(RECORDED INFORMATION)

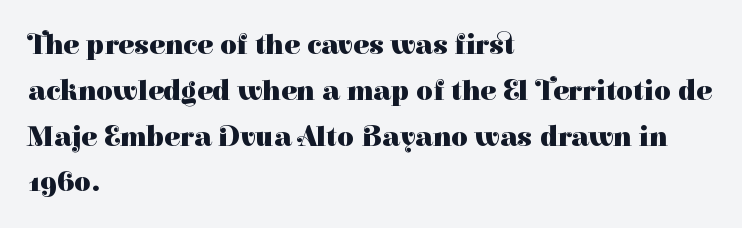
The image shows 29 px heavy serif type, upright; set left-aligned, normal line spacing (1.58x), normal letter spacing, not underlined; high stroke contrast and a medium x-height.
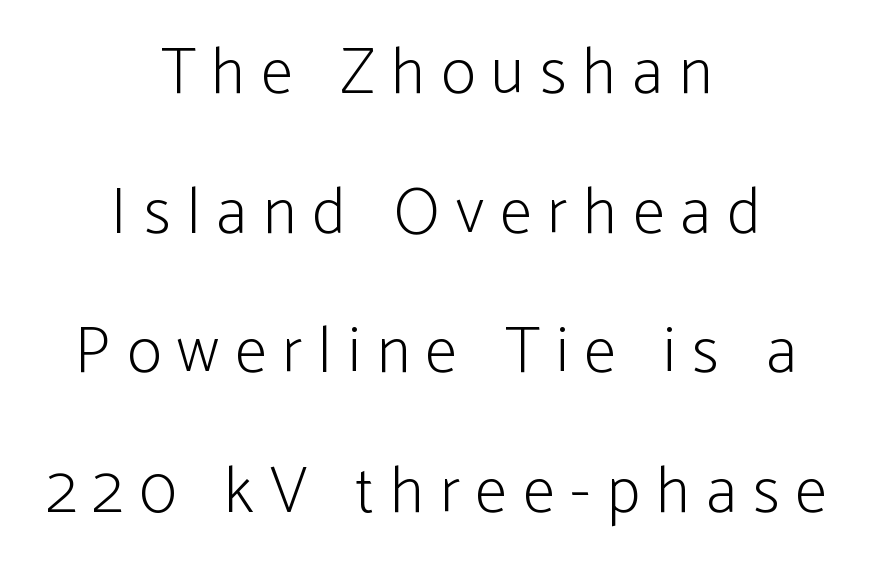
Every row of glyphs is offset so its center matches the block's center. Unlike a traditional serif, this face leaves its strokes unadorned. Weight: regular or lighter. What's the leading like? Stretched, with rows far apart. Words float on clear page, feet unadorned.
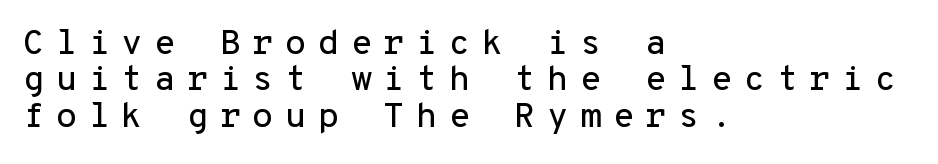
The image shows 35 px sans-serif type, upright, monospaced; set left-aligned, tight line spacing (1.04x), unusually wide letter spacing (+0.32 em), not underlined; low stroke contrast and a medium x-height.
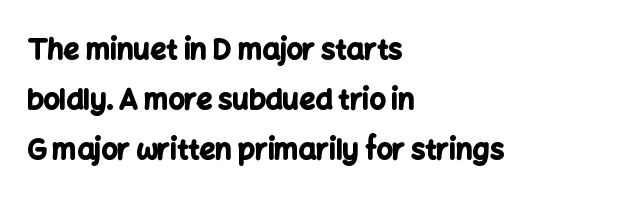
The image shows 28 px bold sans-serif type, upright; set left-aligned, line spacing 1.79x, normal letter spacing, not underlined; low stroke contrast and a medium x-height.
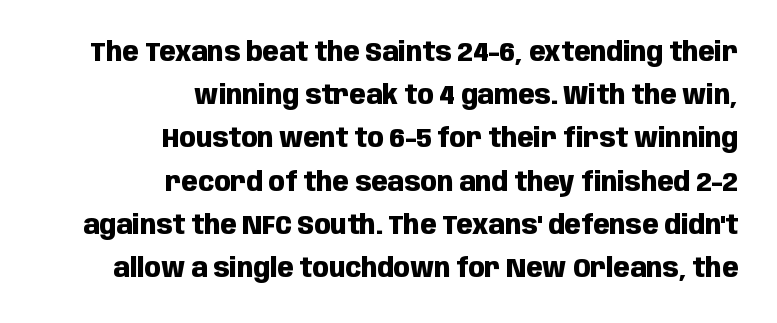
Q: Is the text bold? A: Yes.
Q: Is the text italic (slanted)? A: No, it is upright.
Q: Is the text underlined? A: No.
Q: How is the paragraph aligned? A: Right-aligned.
Q: Is the spacing between letters normal or unusually wide? A: Normal.
Q: Is the spacing between lines tight, normal or loose? A: Normal.
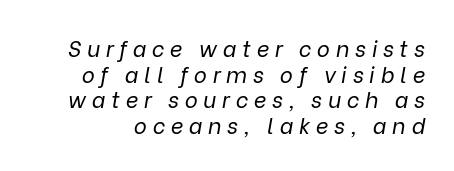
Q: Is the text bold? A: No.
Q: Is the text italic (slanted)? A: Yes, it leans right by about 9 degrees.
Q: Is the text underlined? A: No.
Q: Is the spacing between letters normal or unusually wide? A: Unusually wide.
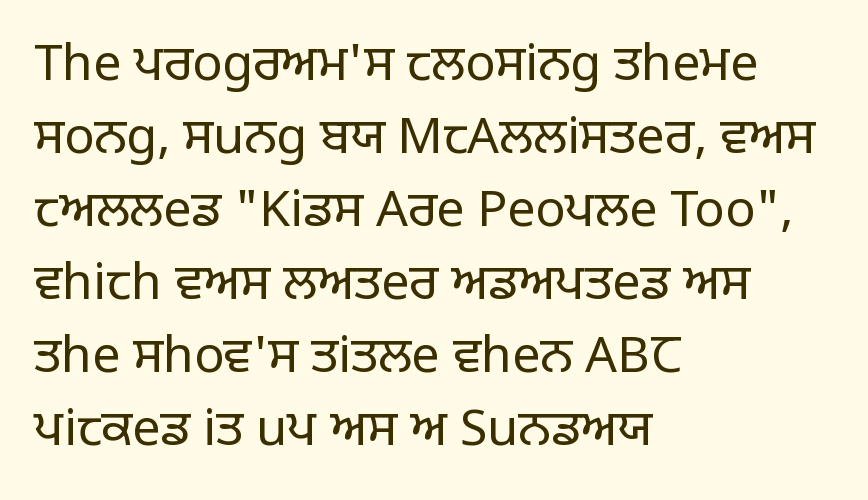
The image shows 50 px regular-weight sans-serif type, upright; set left-aligned, normal line spacing (1.46x), normal letter spacing, not underlined; low stroke contrast and a large x-height.
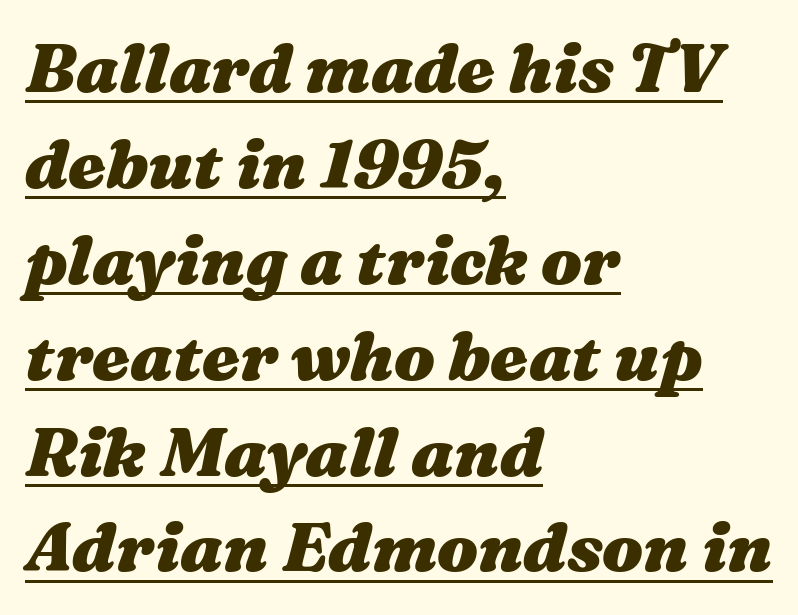
{"italic": "yes", "lean": "right", "slant_degrees": 16, "bold": "yes", "weight": "heavy", "width": "wide", "stroke_contrast": "medium", "x_height": "medium", "monospaced": "no", "underline": "yes", "align": "left", "line_spacing": "normal", "line_spacing_ratio": 1.41, "letter_spacing": "normal", "letter_spacing_em": 0.0, "glyph_px": 68}

(End RECORDED INFORMATION)

EXERCISE AIM -
The data above must be given back verbatim, minus its images.

EXERCISE OUTPUT -
The image shows 29 px heavy serif type, upright; set left-aligned, normal line spacing (1.58x), normal letter spacing, not underlined; high stroke contrast and a medium x-height.
Every row of glyphs is offset so its center matches the block's center. Unlike a traditional serif, this face leaves its strokes unadorned. Weight: regular or lighter. What's the leading like? Stretched, with rows far apart. Words float on clear page, feet unadorned.
The image shows 35 px sans-serif type, upright, monospaced; set left-aligned, tight line spacing (1.04x), unusually wide letter spacing (+0.32 em), not underlined; low stroke contrast and a medium x-height.
The image shows 28 px bold sans-serif type, upright; set left-aligned, line spacing 1.79x, normal letter spacing, not underlined; low stroke contrast and a medium x-height.
Q: Is the text bold? A: Yes.
Q: Is the text italic (slanted)? A: No, it is upright.
Q: Is the text underlined? A: No.
Q: How is the paragraph aligned? A: Right-aligned.
Q: Is the spacing between letters normal or unusually wide? A: Normal.
Q: Is the spacing between lines tight, normal or loose? A: Normal.
Q: Is the text bold? A: No.
Q: Is the text italic (slanted)? A: Yes, it leans right by about 9 degrees.
Q: Is the text underlined? A: No.
Q: Is the spacing between letters normal or unusually wide? A: Unusually wide.
The image shows 50 px regular-weight sans-serif type, upright; set left-aligned, normal line spacing (1.46x), normal letter spacing, not underlined; low stroke contrast and a large x-height.
{"italic": "yes", "lean": "right", "slant_degrees": 16, "bold": "yes", "weight": "heavy", "width": "wide", "stroke_contrast": "medium", "x_height": "medium", "monospaced": "no", "underline": "yes", "align": "left", "line_spacing": "normal", "line_spacing_ratio": 1.41, "letter_spacing": "normal", "letter_spacing_em": 0.0, "glyph_px": 68}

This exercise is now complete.